**The records**
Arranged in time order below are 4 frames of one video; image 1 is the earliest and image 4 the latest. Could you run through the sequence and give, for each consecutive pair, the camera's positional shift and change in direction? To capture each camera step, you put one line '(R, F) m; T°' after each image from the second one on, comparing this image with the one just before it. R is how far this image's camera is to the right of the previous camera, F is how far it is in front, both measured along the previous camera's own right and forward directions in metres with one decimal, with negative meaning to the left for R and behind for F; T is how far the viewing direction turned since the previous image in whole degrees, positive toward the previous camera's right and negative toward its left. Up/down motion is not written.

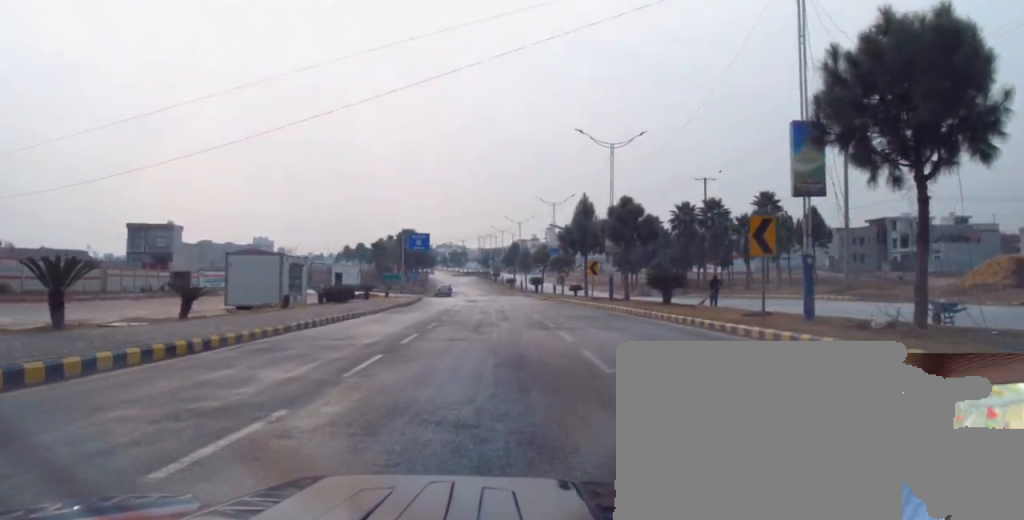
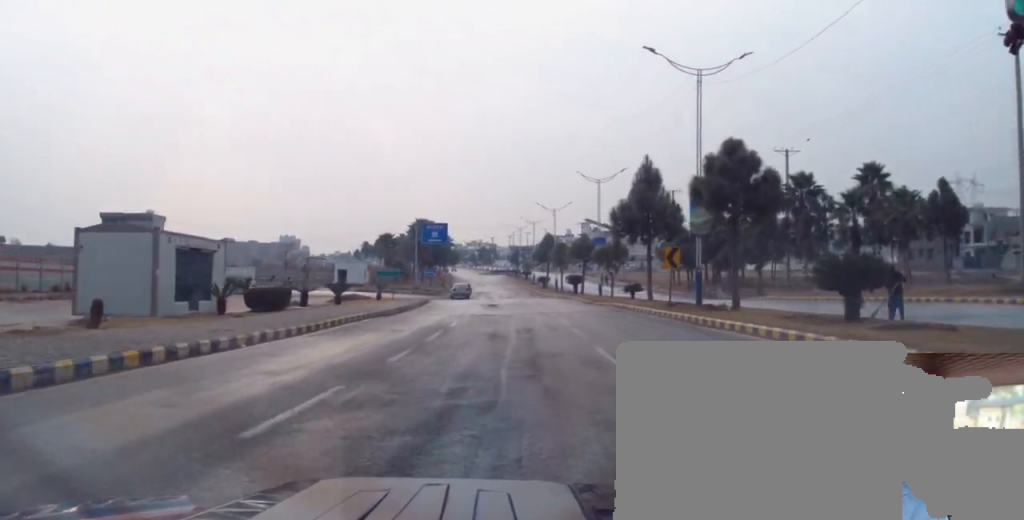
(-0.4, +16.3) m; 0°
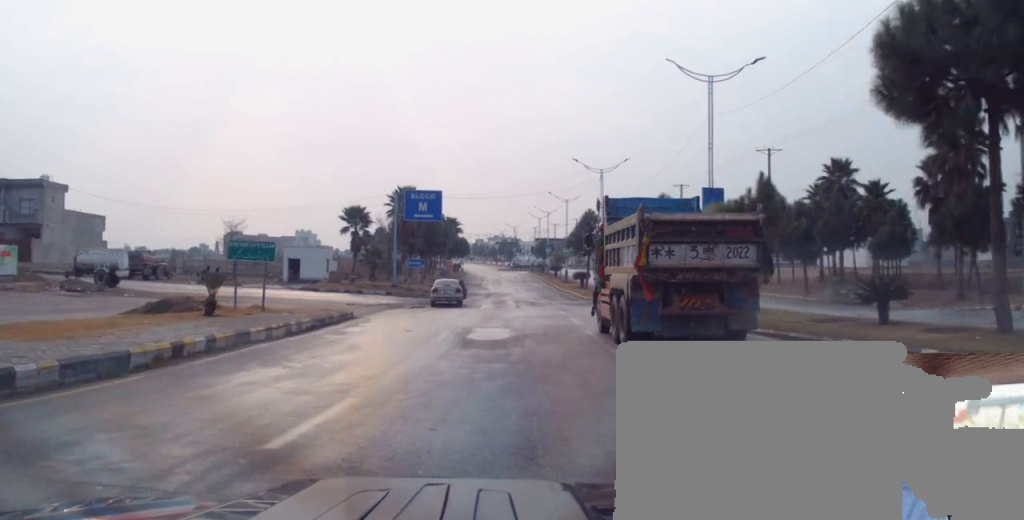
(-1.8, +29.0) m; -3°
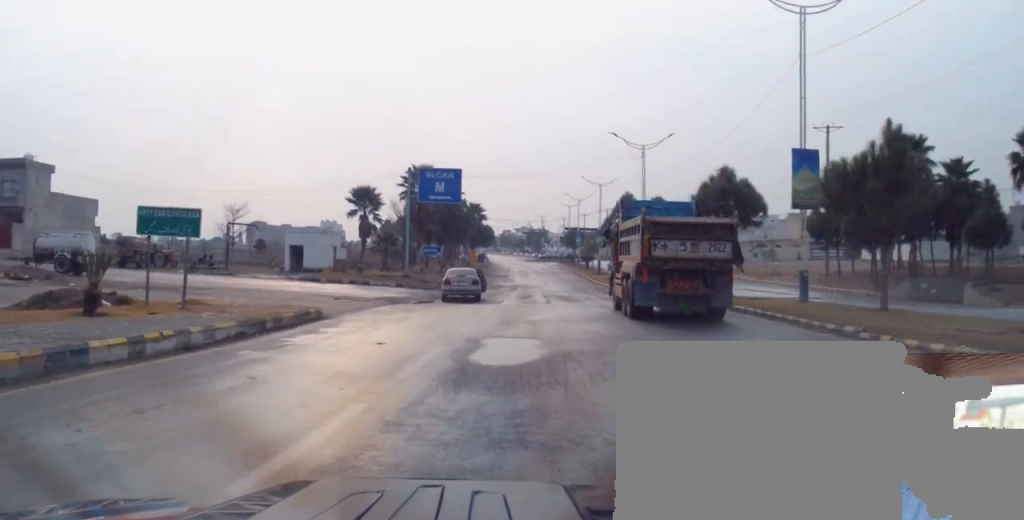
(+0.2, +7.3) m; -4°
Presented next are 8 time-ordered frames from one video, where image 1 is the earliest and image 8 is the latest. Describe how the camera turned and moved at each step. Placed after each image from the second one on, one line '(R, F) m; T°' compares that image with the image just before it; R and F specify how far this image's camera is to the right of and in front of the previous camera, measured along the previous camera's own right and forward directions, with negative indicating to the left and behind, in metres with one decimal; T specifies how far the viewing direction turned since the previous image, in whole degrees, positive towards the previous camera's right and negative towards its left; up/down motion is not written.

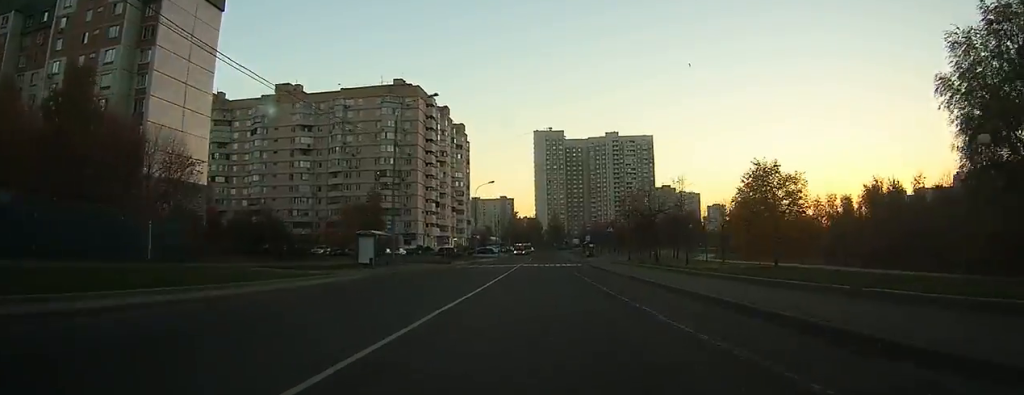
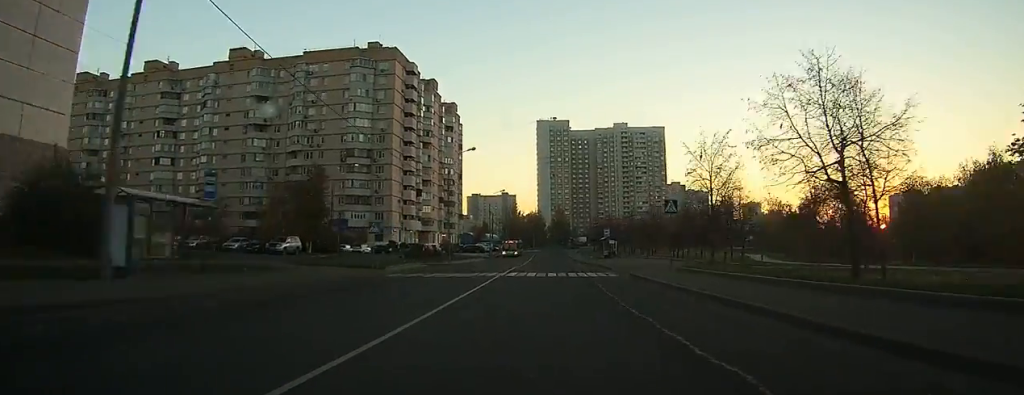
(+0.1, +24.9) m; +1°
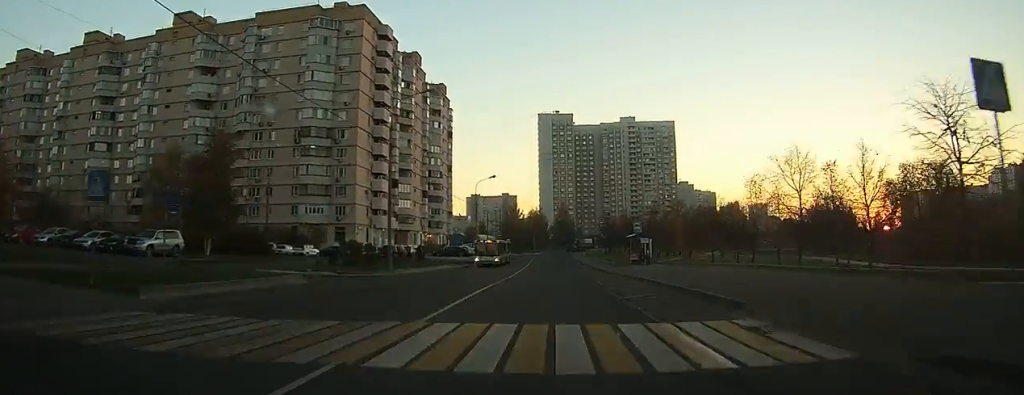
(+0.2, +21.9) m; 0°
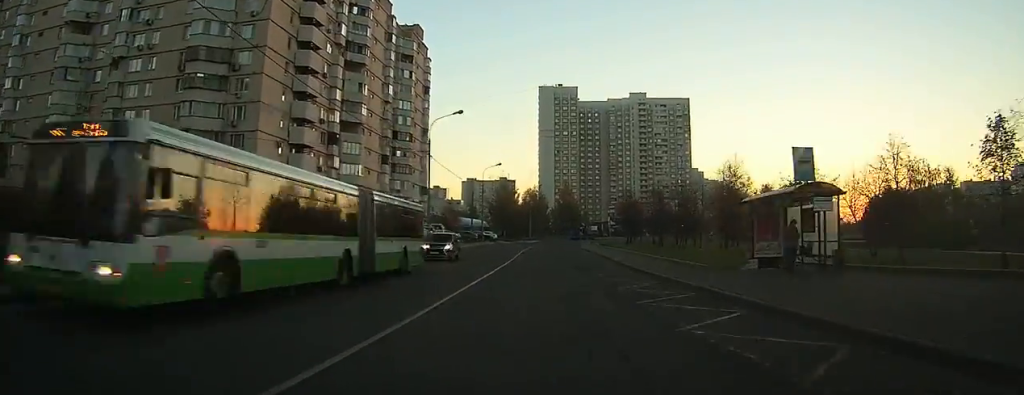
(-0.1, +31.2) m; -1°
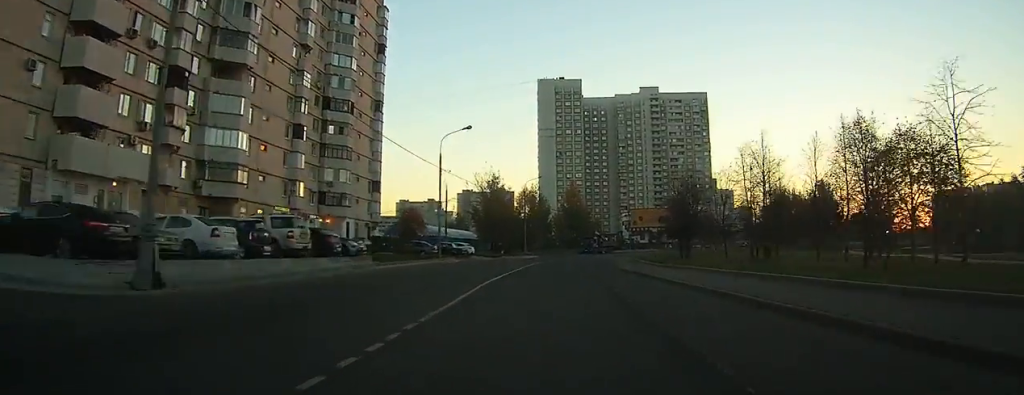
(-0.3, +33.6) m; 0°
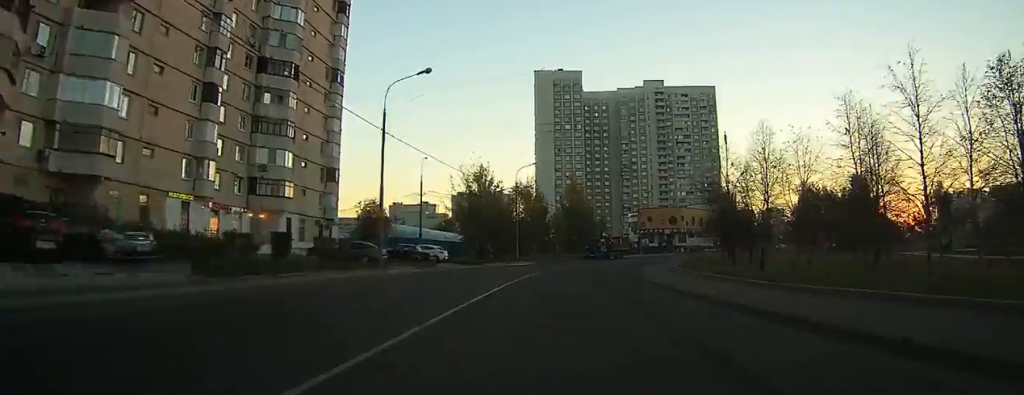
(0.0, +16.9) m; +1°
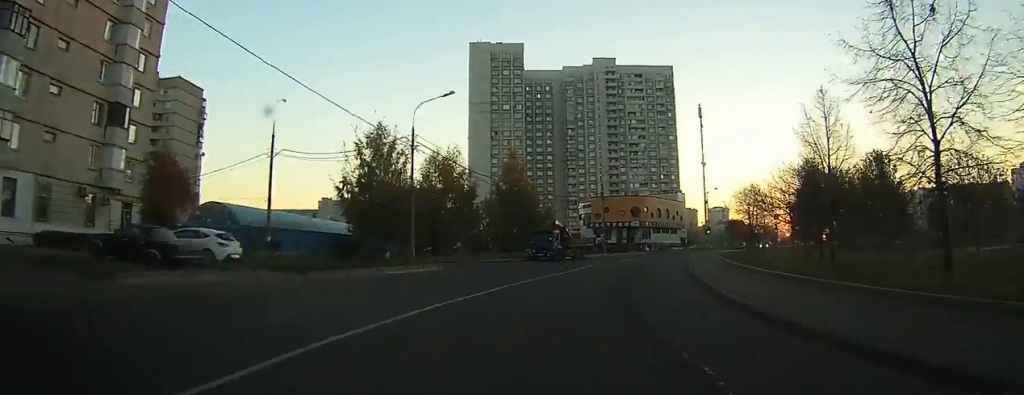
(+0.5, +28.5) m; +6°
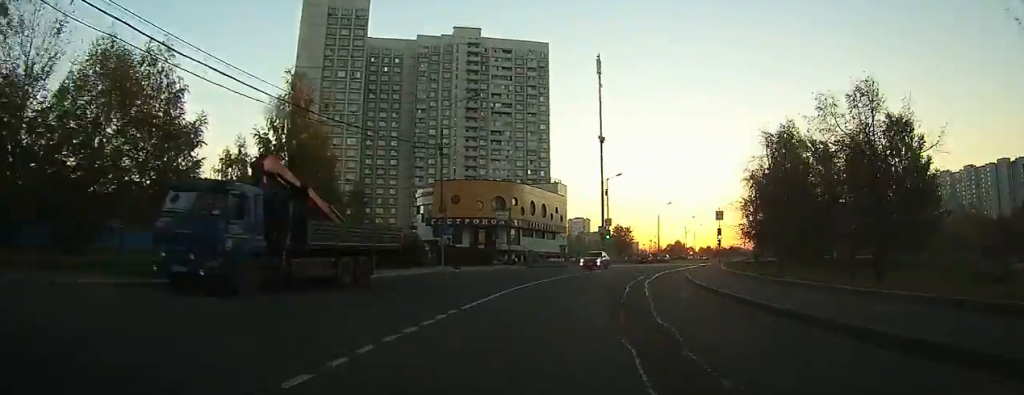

**The problem**
Return verbatim every line from the line containing "Presented next are" to the last line of the entries above, inclusive, and leave out the pictures.

**Expected answer**
Presented next are 8 time-ordered frames from one video, where image 1 is the earliest and image 8 is the latest. Describe how the camera turned and moved at each step. Placed after each image from the second one on, one line '(R, F) m; T°' compares that image with the image just before it; R and F specify how far this image's camera is to the right of and in front of the previous camera, measured along the previous camera's own right and forward directions, with negative indicating to the left and behind, in metres with one decimal; T specifies how far the viewing direction turned since the previous image, in whole degrees, positive towards the previous camera's right and negative towards its left; up/down motion is not written.

(+0.1, +24.9) m; +1°
(+0.2, +21.9) m; 0°
(-0.1, +31.2) m; -1°
(-0.3, +33.6) m; 0°
(0.0, +16.9) m; +1°
(+0.5, +28.5) m; +6°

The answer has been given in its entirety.